## Problem statement:
An exact copy of all records is expected, minus the images.

(Collected data entries)
————————

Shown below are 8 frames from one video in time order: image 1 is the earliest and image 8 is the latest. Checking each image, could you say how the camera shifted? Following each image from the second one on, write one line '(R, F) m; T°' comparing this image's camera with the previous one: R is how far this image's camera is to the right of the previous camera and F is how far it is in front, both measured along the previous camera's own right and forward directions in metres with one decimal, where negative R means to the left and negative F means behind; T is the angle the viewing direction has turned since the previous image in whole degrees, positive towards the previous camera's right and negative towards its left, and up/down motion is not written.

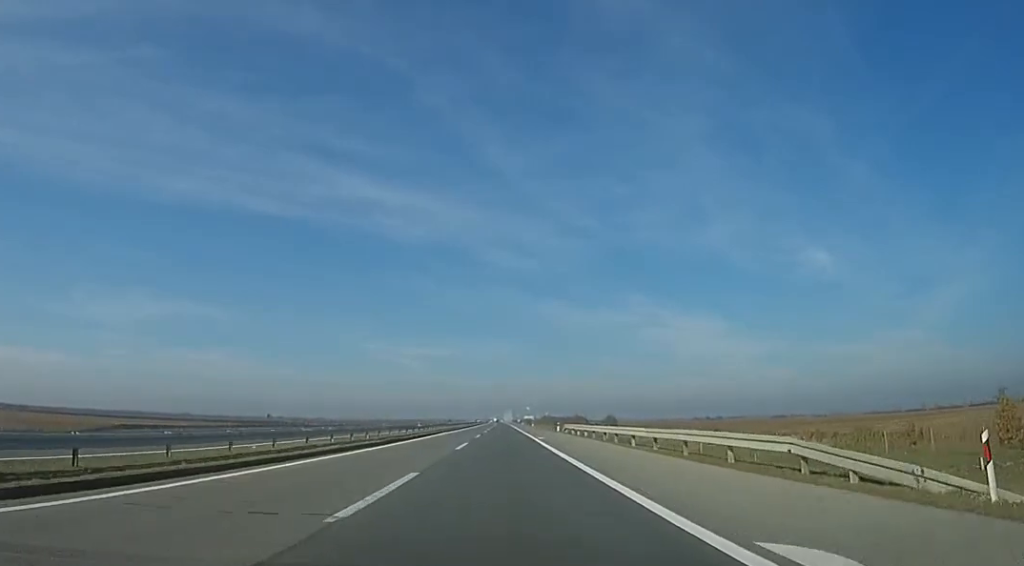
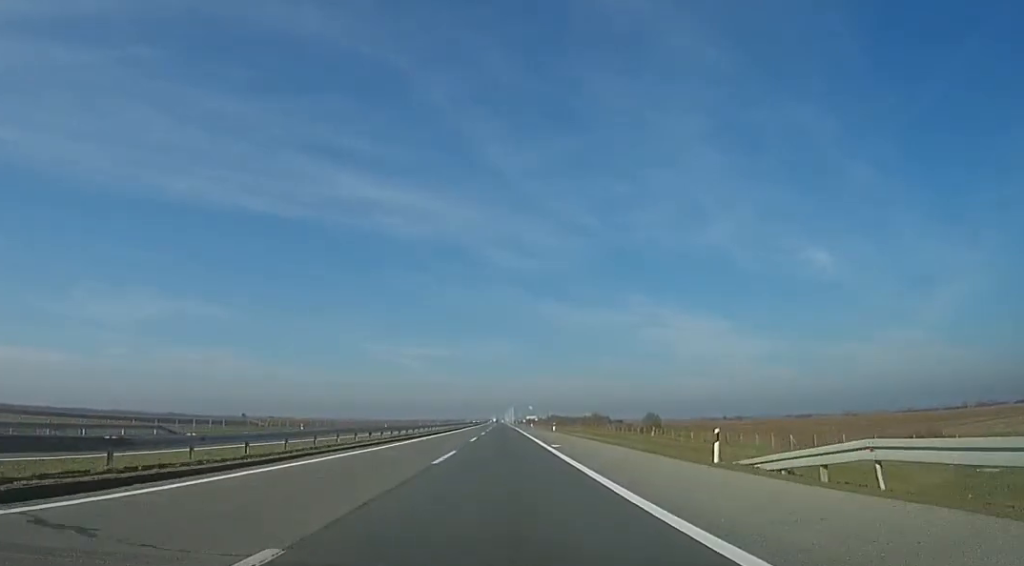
(+0.5, +47.3) m; +1°
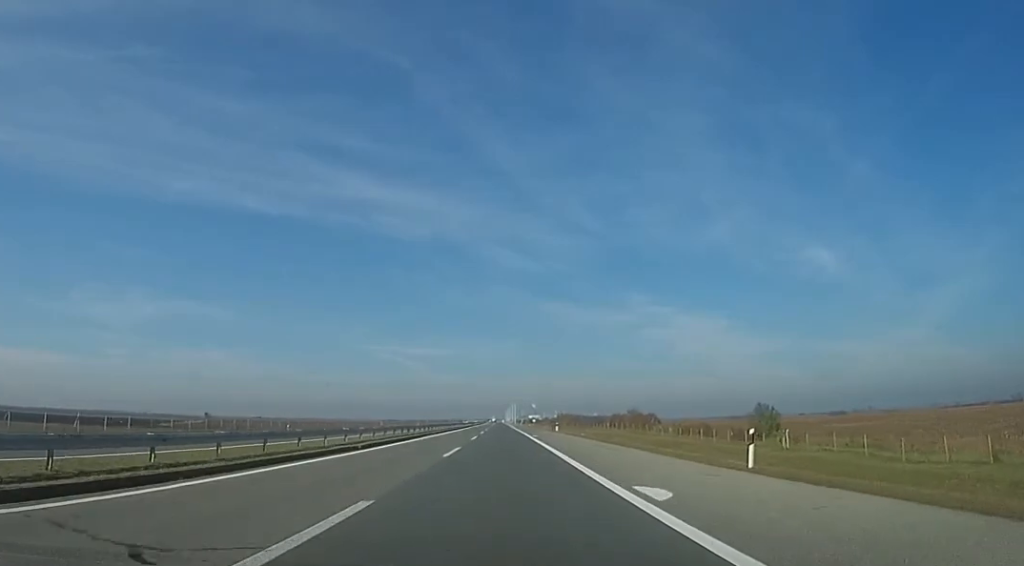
(-0.9, +54.5) m; -2°
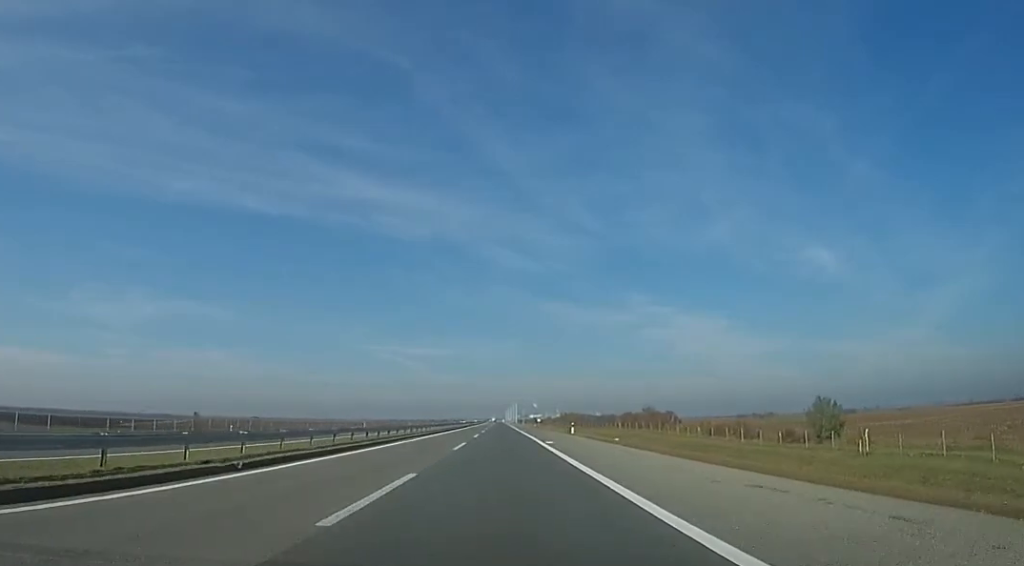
(-0.1, +14.3) m; 0°
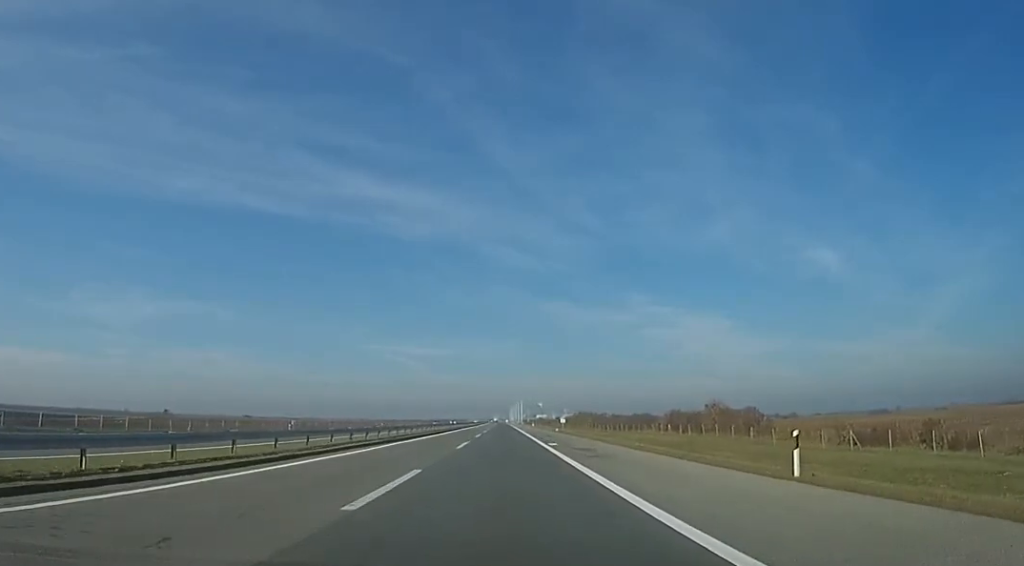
(+0.2, +37.1) m; +1°
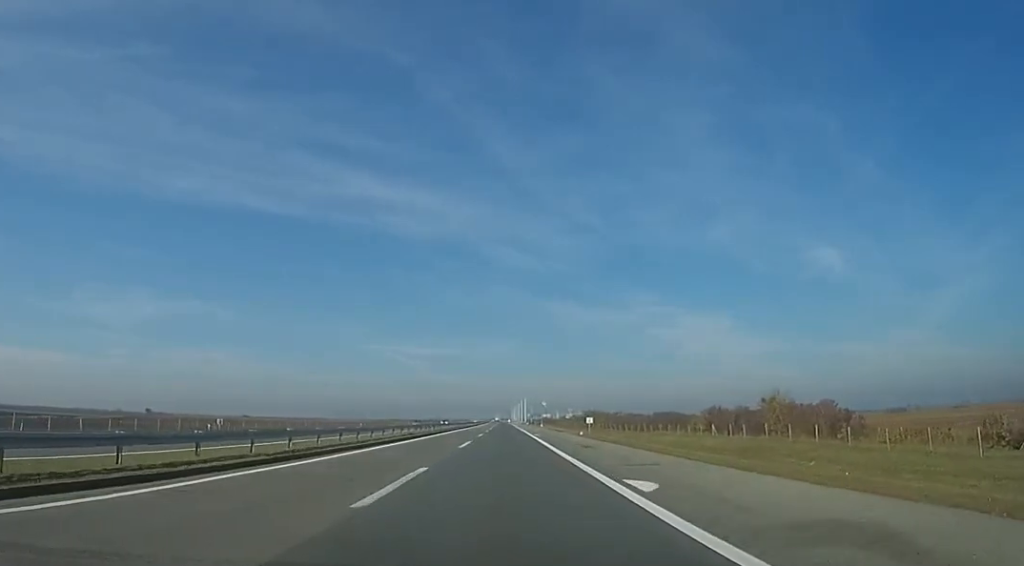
(+0.1, +18.9) m; 0°
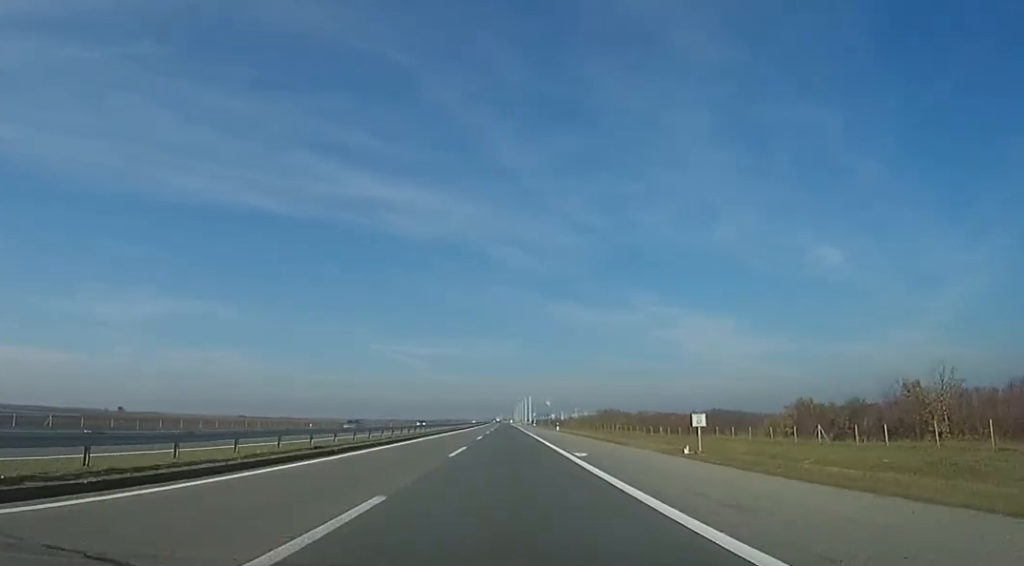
(+0.1, +25.7) m; -3°
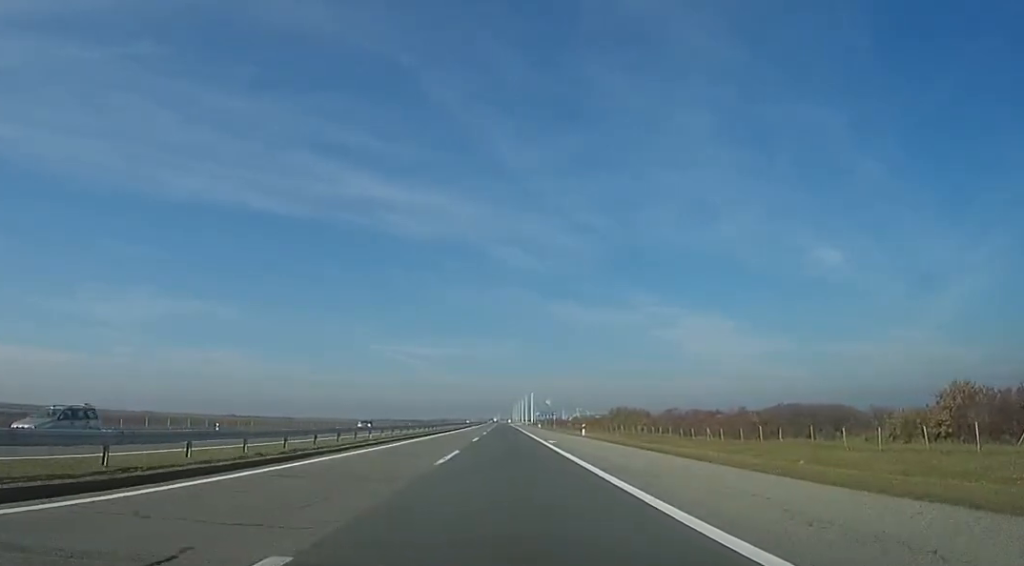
(-1.3, +23.3) m; 0°
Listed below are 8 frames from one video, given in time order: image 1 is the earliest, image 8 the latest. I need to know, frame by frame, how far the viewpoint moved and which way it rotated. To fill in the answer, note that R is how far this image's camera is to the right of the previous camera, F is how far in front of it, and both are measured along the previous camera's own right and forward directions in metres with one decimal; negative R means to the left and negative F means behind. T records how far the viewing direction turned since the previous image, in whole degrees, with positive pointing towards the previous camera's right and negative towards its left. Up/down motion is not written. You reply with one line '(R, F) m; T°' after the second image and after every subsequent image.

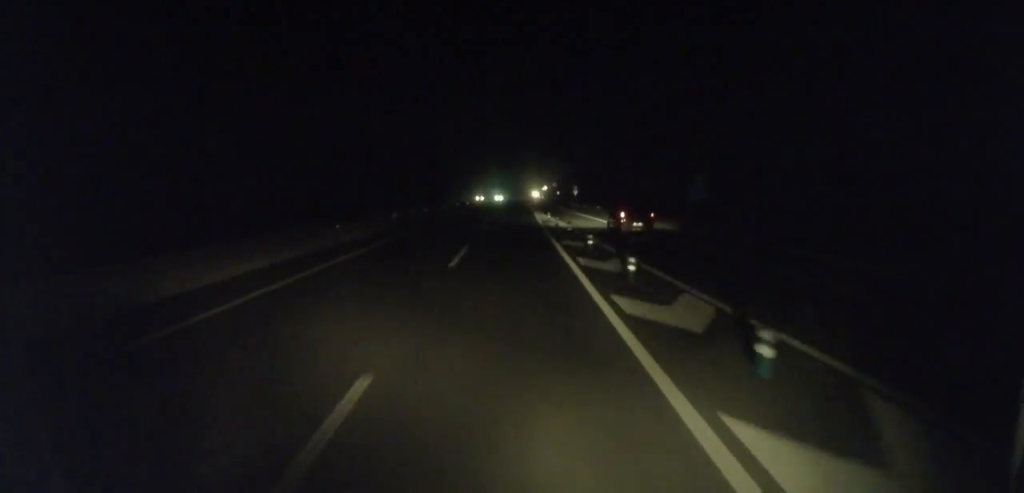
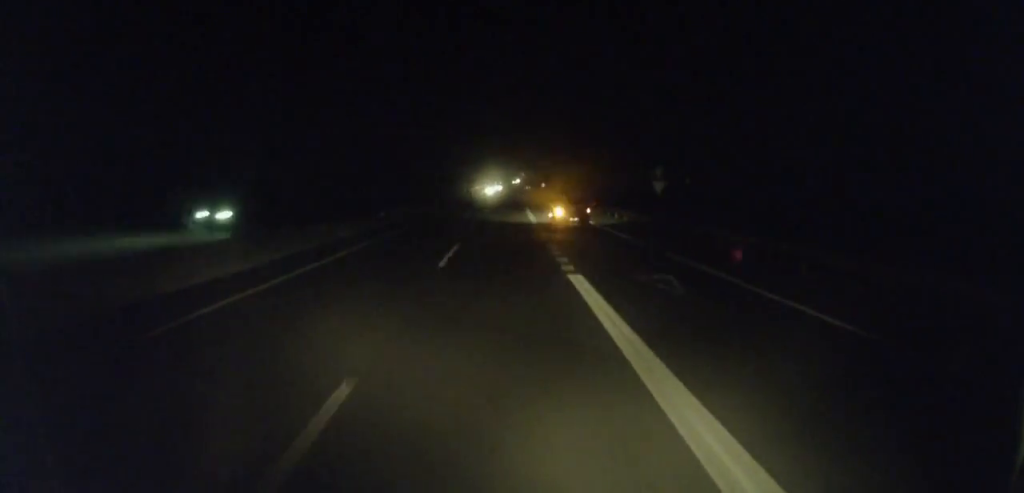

————————

## Solution to this problem:
Shown below are 8 frames from one video in time order: image 1 is the earliest and image 8 is the latest. Checking each image, could you say how the camera shifted? Following each image from the second one on, write one line '(R, F) m; T°' comparing this image's camera with the previous one: R is how far this image's camera is to the right of the previous camera and F is how far it is in front, both measured along the previous camera's own right and forward directions in metres with one decimal, where negative R means to the left and negative F means behind; T is the angle the viewing direction has turned since the previous image in whole degrees, positive towards the previous camera's right and negative towards its left, and up/down motion is not written.

(+0.5, +47.3) m; +1°
(-0.9, +54.5) m; -2°
(-0.1, +14.3) m; 0°
(+0.2, +37.1) m; +1°
(+0.1, +18.9) m; 0°
(+0.1, +25.7) m; -3°
(-1.3, +23.3) m; 0°
Listed below are 8 frames from one video, given in time order: image 1 is the earliest, image 8 the latest. I need to know, frame by frame, how far the viewpoint moved and which way it rotated. To fill in the answer, note that R is how far this image's camera is to the right of the previous camera, F is how far in front of it, and both are measured along the previous camera's own right and forward directions in metres with one decimal; negative R means to the left and negative F means behind. T records how far the viewing direction turned since the previous image, in whole degrees, with positive pointing towards the previous camera's right and negative towards its left. Up/down motion is not written. You reply with one line '(R, F) m; T°' after the second image and after every subsequent image.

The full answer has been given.